La storia è un libro che dovevo leggere da tempo, e che mi ha fatto male, ma che mi ha anche entusiasmato e stupito come da tanto non mi capitava con un libro.

La trama segue sei anni del Novecento: nei primi anni, quelli della Seconda Guerra Mondiale, la storia è un fiume in piena che si allarga e corre ad abbracciare decine di personaggi e di storie, in rapidi ritratti brillanti, rapidi, vorticosi come il personaggio di Nino: i partigiani, gli ebrei, i “sinistrati” di guerra… Nei due anni immediatamente successivi alla fine della guerra, invece, la storia, come un ruscello in secca, si stringe e rallenta, e rimane, placida e malinconica, sul microcosmo di Useppe, sulla sua piccola e gioiosa e ingenua vita di bambino, e sulla sua ridotta famigliola.

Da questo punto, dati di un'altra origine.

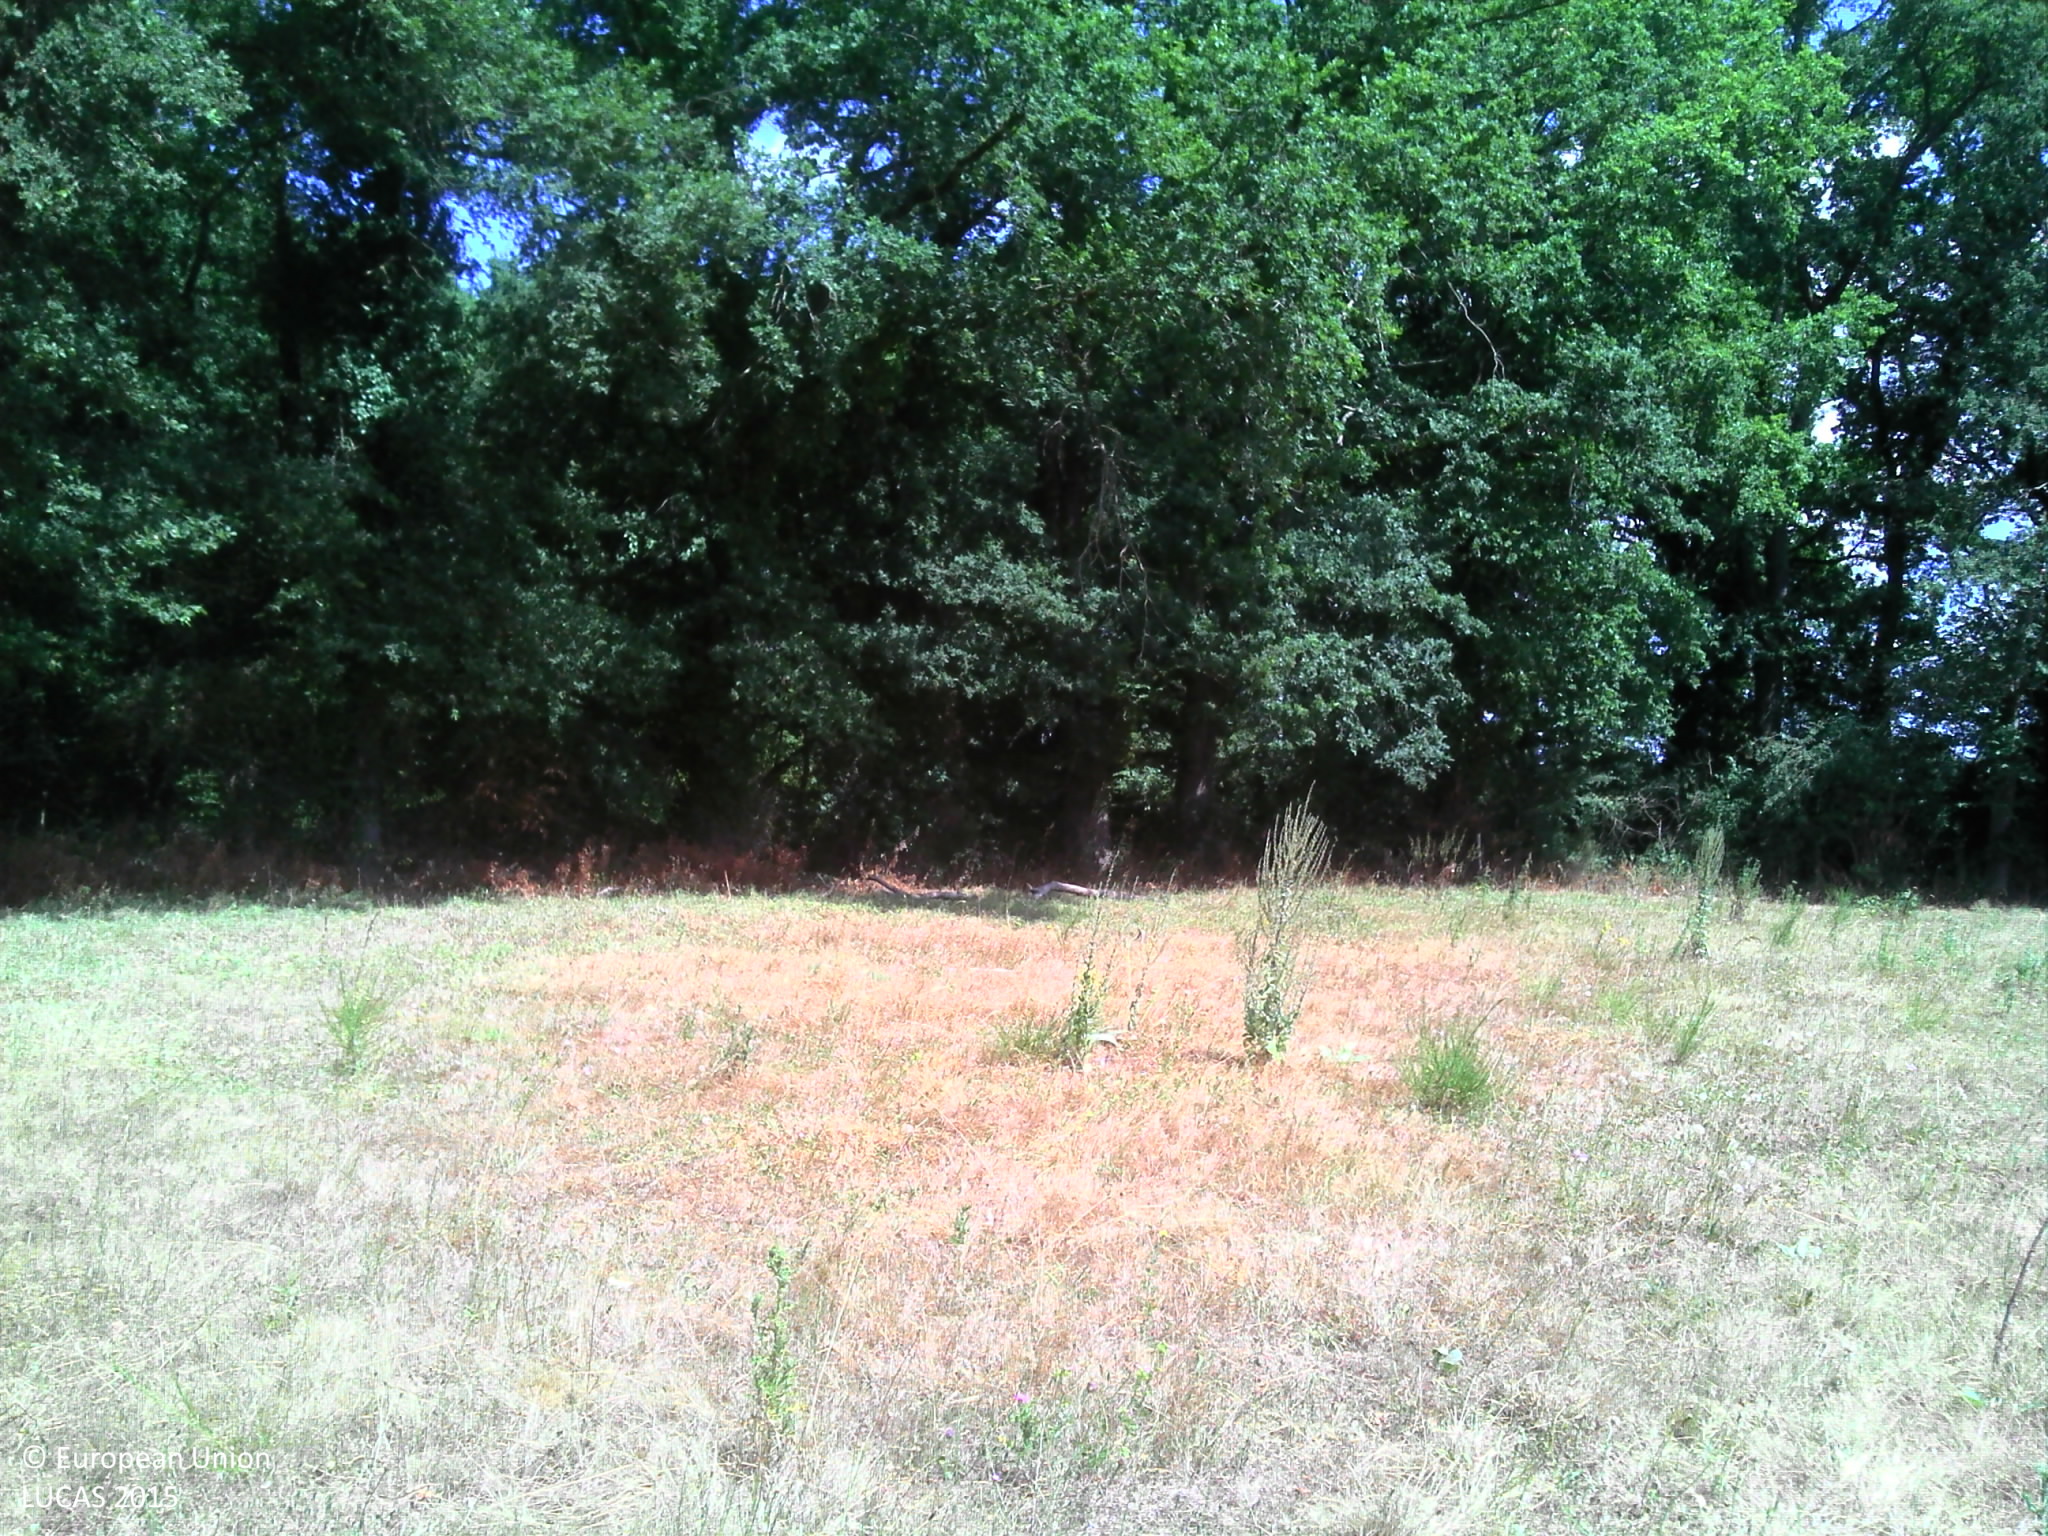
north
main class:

In mezzo a questo fiume portentoso, il personaggio di Ida è un rametto abbandonato che attraversa gli eventi senza comprenderli appieno, volenterosa solamente di proteggere se stessa e il suo piccolo bimbo. Invece, i due personaggi dei figli di Ida, Nino e Useppe, sono i due pilastri su cui la madre, e tutta la trama, si appoggiano. Come due tronchi in un naufragio, permettono al lettore di rimanere attaccato alla storia e di non perdersi tra le centinaia di pagine e di avvenimenti. Nino e Useppe sono due personaggi raccontati in maniera magistrale, dipinti in una maniera vera, chiara, descritti con le parole giuste, attraverso le battute giuste, tramite i gesti giusti: non possono che entrarti nel cuore.

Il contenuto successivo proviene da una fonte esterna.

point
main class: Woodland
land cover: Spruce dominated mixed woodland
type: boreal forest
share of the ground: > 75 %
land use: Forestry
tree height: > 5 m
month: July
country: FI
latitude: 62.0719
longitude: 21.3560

Non è solo la cura dei personaggi, tanto di quelli centrali quanto di quelli secondari o collaterali, a offrire un esempio della bravura di Elsa Morante. La scelta delle parole, il loro ordine, la costruzione della storia, l’eleganza nell’uso dei dialetti, le descrizioni dei corpi, e dei pensieri, e degli eventi, e della psiche di Ida, e delle sventure di Davide, di Mariulina, di Carulina e di Scimò, di Quattropunte, di Ezechiele… Elsa Morante si riconferma per me una Scrittrice ammirevole, una delle più brave che io abbia mai letto.

Ho accompagnato alla Storia la lettura del saggio “Pro e contro la bomba atomica”, in cui Morante sostiene che la guerra e le armi sono distruzione, e un artista, che invece è votato alla creazione, non può che condannare la corsa all’atomica.

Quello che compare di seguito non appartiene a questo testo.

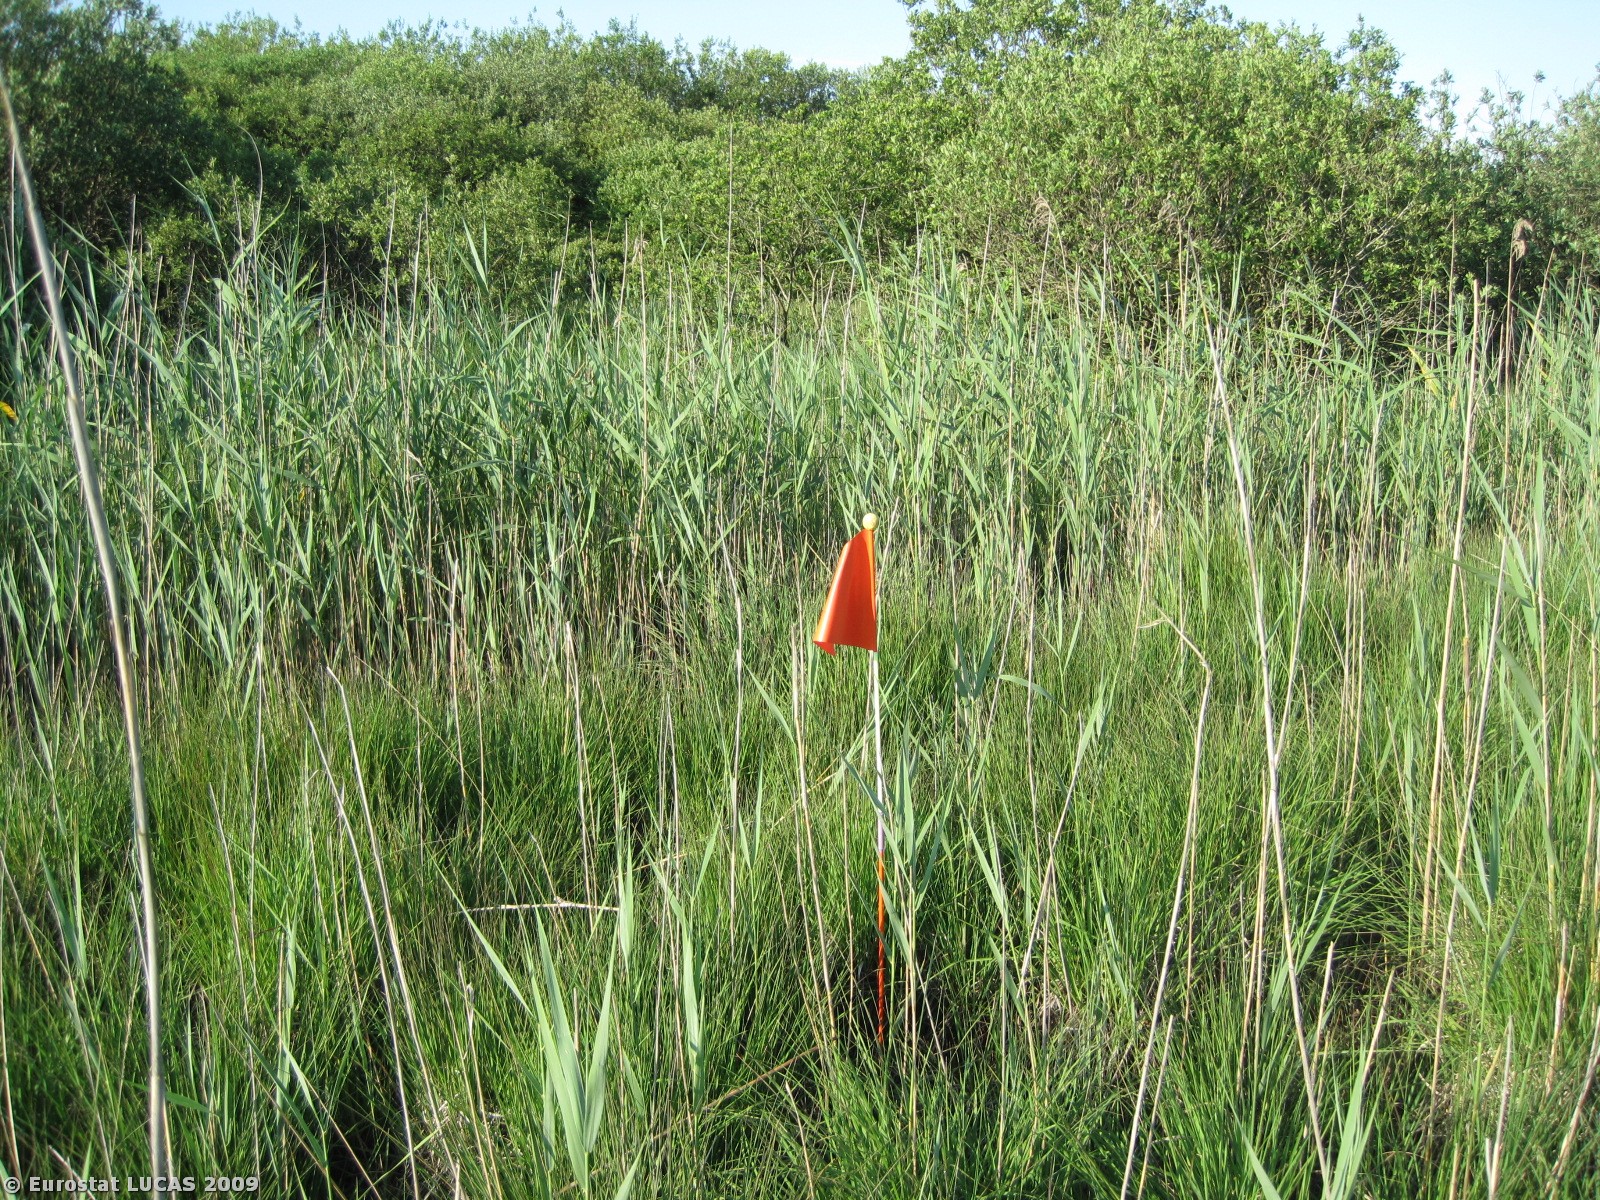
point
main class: Wetlands
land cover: Inland marshes
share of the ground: > 75 %
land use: Unused
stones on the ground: < 10 %
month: July
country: DK
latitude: 56.3739
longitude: 8.2695

Anche nella Storia si può ravvisare questa dicotomia tra creazione e distruzione. Morante ci costruisce un mondo e poi a poco a poco ce lo spoglia e smonta e lo riduce sempre più, fino a farlo scomparire nel nulla, nel vento, nel silenzio della storia, nelle trame di un mondo troppo grande e crudele per Ida, Useppe, Nino, Blitz e Bella.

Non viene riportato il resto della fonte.